On the night of June 13 our 16GB Mac, the machine that ran everything, started acting strange. The screen froze in bursts and the cursor spun. The numbers told the whole story: RAM full, another 4.1GB in the memory compressor, 3.8GB spilled into swap (disk space the OS uses when RAM runs out). macOS's own window renderer hung long enough that the system had to step in.
That machine carried a full agent stack. Daemons that must stay online, a memory service, a local embedding model for memory search, an investment-analysis workload, plus every app we personally had open. The first thought went straight to a purchase order: time to buy the 64GB machine, estimated around $2,000.
But before ordering, one question had no answer yet: of that 8GB, how much actually belongs to the agents? On a dev machine the numbers blur together: workload, tooling, and desktop all in one pot. This post is the homework we did to answer that question, using the cheapest method we could think of: rent a box and measure.
Part 1Rent before you buy: the cheapest measurement is one month of rent
Our problem was never "get a stronger machine." It was "find out what the workload actually needs." Those are different problems with different price tags. The first one ends in a $2,000 purchase order. The second one starts for a few dollars.
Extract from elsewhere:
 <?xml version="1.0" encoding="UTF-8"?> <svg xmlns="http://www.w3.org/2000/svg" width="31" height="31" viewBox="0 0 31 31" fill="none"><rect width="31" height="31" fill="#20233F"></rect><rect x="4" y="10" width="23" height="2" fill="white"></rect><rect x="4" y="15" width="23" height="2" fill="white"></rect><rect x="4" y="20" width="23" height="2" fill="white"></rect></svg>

The method: rent a VPS with the same specs as the current machine (8 vCPU / 16GB RAM), move only the always-on parts onto it, and leave everything else where it was. We picked Hetzner, the German provider whose price-per-spec makes you double-check the page. The cx43 plan (8 vCPU / 16GB / 160GB disk) was $13.99 per month, billed by the hour. If the measurement failed, we could delete the server and pay only a fraction of a month. The whole experiment cost less than a lunch.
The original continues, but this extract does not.